> **The task**: Leave out the pictures and repeat everything else in the records exactly.

> **Provided data**:
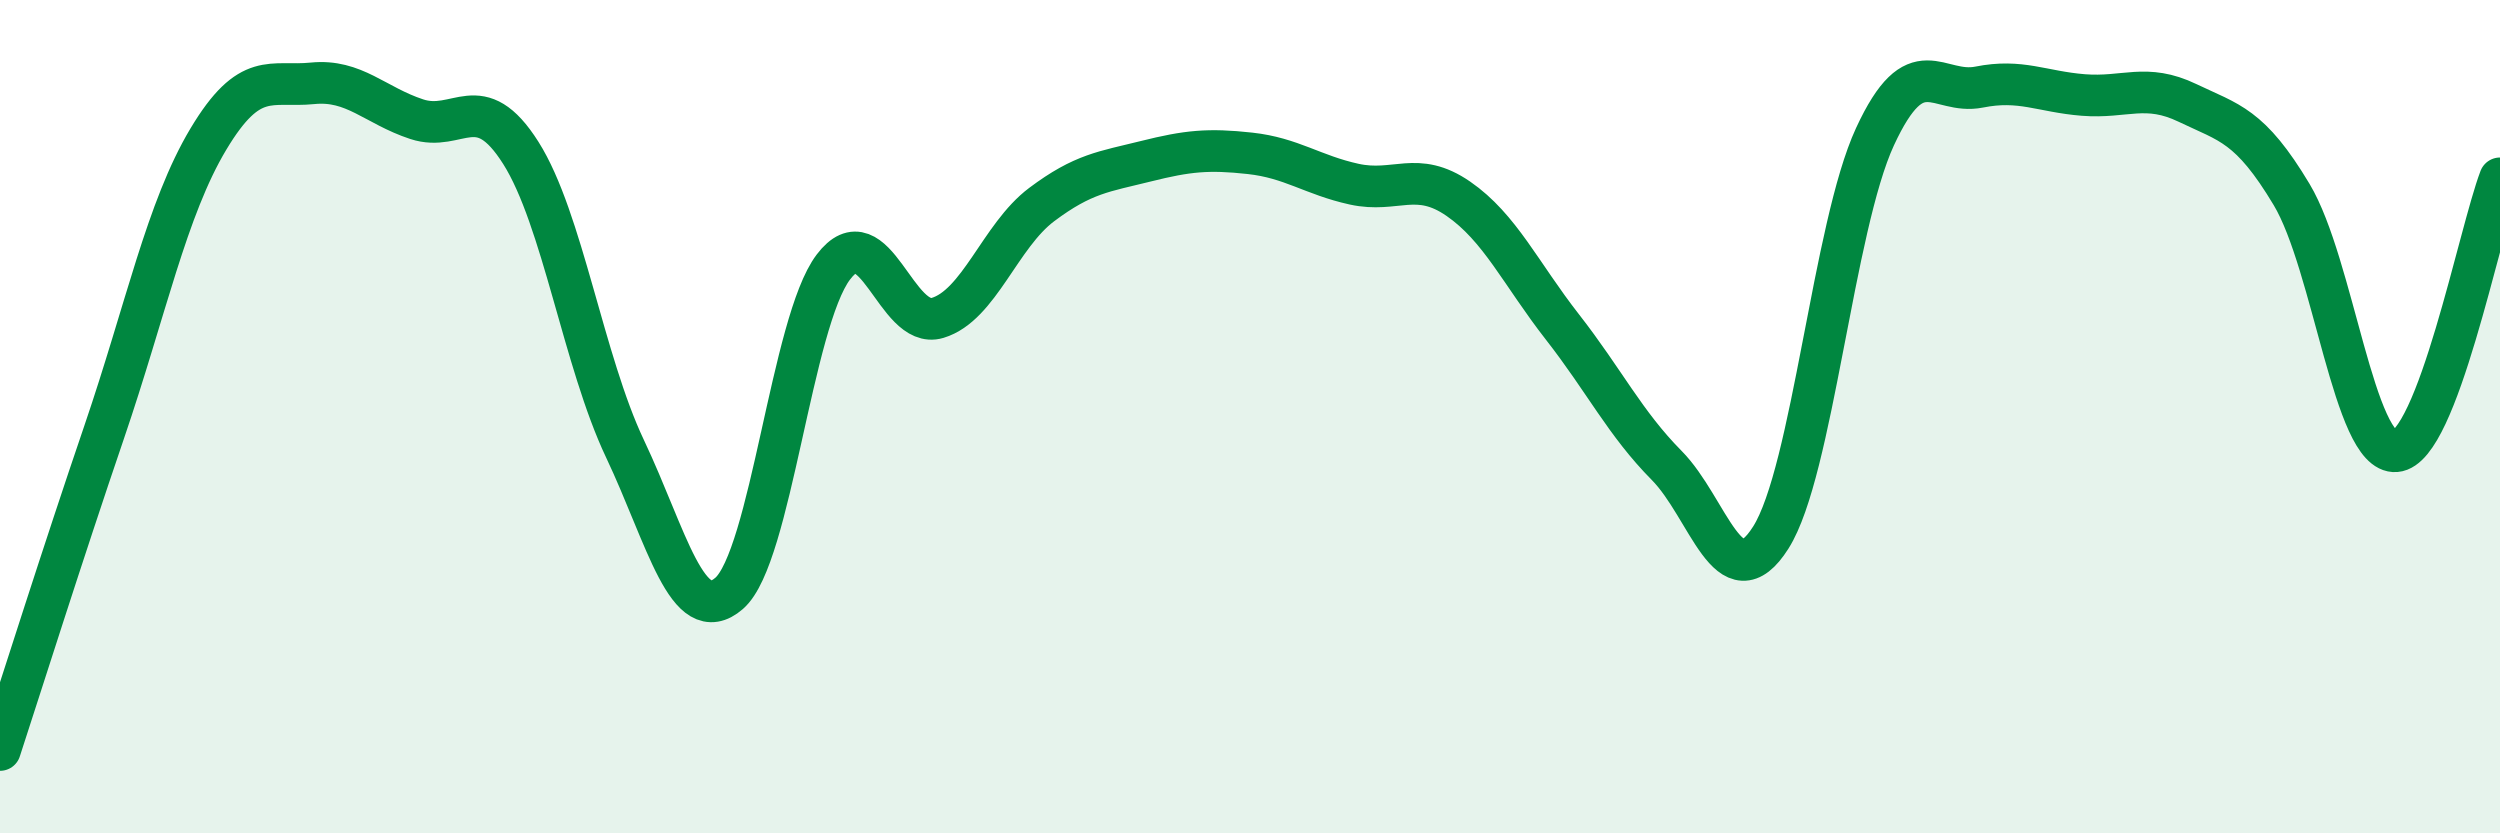 
    <svg width="60" height="20" viewBox="0 0 60 20" xmlns="http://www.w3.org/2000/svg">
      <path
        d="M 0,18 C 0.5,16.47 1.5,13.3 2.5,10.37 C 3.5,7.44 4,5.01 5,3.34 C 6,1.67 6.5,2.1 7.5,2 C 8.5,1.9 9,2.53 10,2.86 C 11,3.19 11.5,2.09 12.5,3.67 C 13.5,5.25 14,8.66 15,10.77 C 16,12.88 16.5,15.11 17.5,14.24 C 18.5,13.37 19,7.73 20,6.41 C 21,5.09 21.5,7.93 22.5,7.63 C 23.5,7.33 24,5.66 25,4.91 C 26,4.16 26.5,4.12 27.5,3.87 C 28.5,3.62 29,3.57 30,3.68 C 31,3.79 31.5,4.2 32.5,4.42 C 33.5,4.64 34,4.08 35,4.77 C 36,5.46 36.5,6.57 37.5,7.85 C 38.5,9.13 39,10.16 40,11.17 C 41,12.18 41.5,14.48 42.5,12.9 C 43.5,11.32 44,5.44 45,3.28 C 46,1.12 46.5,2.29 47.5,2.09 C 48.5,1.89 49,2.2 50,2.28 C 51,2.36 51.5,1.99 52.5,2.47 C 53.5,2.95 54,3 55,4.67 C 56,6.34 56.5,10.91 57.5,10.83 C 58.5,10.75 59.5,5.59 60,4.28L60 20L0 20Z"
        fill="#008740"
        opacity="0.1"
        stroke-linecap="round"
        stroke-linejoin="round"
      />
      <path
        d="M 0,18 C 0.5,16.47 1.5,13.3 2.5,10.37 C 3.5,7.44 4,5.01 5,3.34 C 6,1.67 6.5,2.1 7.5,2 C 8.5,1.9 9,2.53 10,2.86 C 11,3.19 11.5,2.09 12.5,3.67 C 13.5,5.25 14,8.66 15,10.77 C 16,12.88 16.5,15.11 17.5,14.24 C 18.5,13.37 19,7.73 20,6.41 C 21,5.09 21.5,7.93 22.5,7.63 C 23.5,7.33 24,5.66 25,4.91 C 26,4.16 26.5,4.12 27.5,3.87 C 28.5,3.62 29,3.57 30,3.68 C 31,3.79 31.5,4.2 32.5,4.42 C 33.5,4.64 34,4.08 35,4.77 C 36,5.46 36.5,6.57 37.5,7.85 C 38.5,9.13 39,10.16 40,11.17 C 41,12.18 41.5,14.48 42.5,12.9 C 43.5,11.32 44,5.44 45,3.28 C 46,1.12 46.5,2.29 47.5,2.09 C 48.5,1.89 49,2.2 50,2.28 C 51,2.36 51.5,1.99 52.5,2.47 C 53.5,2.95 54,3 55,4.67 C 56,6.34 56.5,10.91 57.5,10.83 C 58.5,10.75 59.5,5.59 60,4.28"
        stroke="#008740"
        stroke-width="1"
        fill="none"
        stroke-linecap="round"
        stroke-linejoin="round"
      />
    </svg>

> **Solution for this task**:
    <svg width="60" height="20" viewBox="0 0 60 20" xmlns="http://www.w3.org/2000/svg">
      <path
        d="M 0,18 C 0.5,16.47 1.5,13.3 2.5,10.37 C 3.5,7.44 4,5.01 5,3.34 C 6,1.67 6.5,2.1 7.5,2 C 8.5,1.9 9,2.53 10,2.86 C 11,3.19 11.5,2.09 12.5,3.67 C 13.5,5.25 14,8.66 15,10.77 C 16,12.88 16.5,15.11 17.5,14.24 C 18.5,13.37 19,7.73 20,6.41 C 21,5.09 21.5,7.93 22.5,7.63 C 23.5,7.33 24,5.66 25,4.91 C 26,4.16 26.5,4.12 27.5,3.87 C 28.5,3.62 29,3.57 30,3.68 C 31,3.79 31.5,4.2 32.5,4.42 C 33.5,4.64 34,4.08 35,4.77 C 36,5.46 36.5,6.57 37.5,7.85 C 38.5,9.13 39,10.16 40,11.17 C 41,12.18 41.5,14.48 42.5,12.9 C 43.5,11.32 44,5.44 45,3.28 C 46,1.12 46.5,2.29 47.5,2.09 C 48.5,1.89 49,2.2 50,2.28 C 51,2.36 51.5,1.99 52.5,2.47 C 53.5,2.95 54,3 55,4.67 C 56,6.34 56.5,10.91 57.5,10.83 C 58.5,10.75 59.5,5.59 60,4.28L60 20L0 20Z"
        fill="#008740"
        opacity="0.1"
        stroke-linecap="round"
        stroke-linejoin="round"
      />
      <path
        d="M 0,18 C 0.5,16.47 1.5,13.3 2.5,10.37 C 3.5,7.44 4,5.01 5,3.34 C 6,1.67 6.5,2.1 7.5,2 C 8.5,1.9 9,2.53 10,2.86 C 11,3.19 11.5,2.09 12.5,3.67 C 13.5,5.25 14,8.66 15,10.77 C 16,12.88 16.5,15.11 17.5,14.24 C 18.5,13.37 19,7.73 20,6.41 C 21,5.09 21.5,7.93 22.5,7.63 C 23.5,7.33 24,5.66 25,4.91 C 26,4.16 26.5,4.12 27.5,3.87 C 28.5,3.62 29,3.57 30,3.68 C 31,3.79 31.5,4.2 32.5,4.42 C 33.5,4.64 34,4.08 35,4.77 C 36,5.46 36.5,6.57 37.5,7.85 C 38.5,9.13 39,10.16 40,11.17 C 41,12.18 41.5,14.48 42.5,12.9 C 43.5,11.32 44,5.44 45,3.28 C 46,1.12 46.5,2.29 47.5,2.09 C 48.5,1.89 49,2.2 50,2.28 C 51,2.36 51.5,1.99 52.5,2.47 C 53.5,2.95 54,3 55,4.67 C 56,6.34 56.5,10.91 57.5,10.83 C 58.5,10.75 59.5,5.59 60,4.28"
        stroke="#008740"
        stroke-width="1"
        fill="none"
        stroke-linecap="round"
        stroke-linejoin="round"
      />
    </svg>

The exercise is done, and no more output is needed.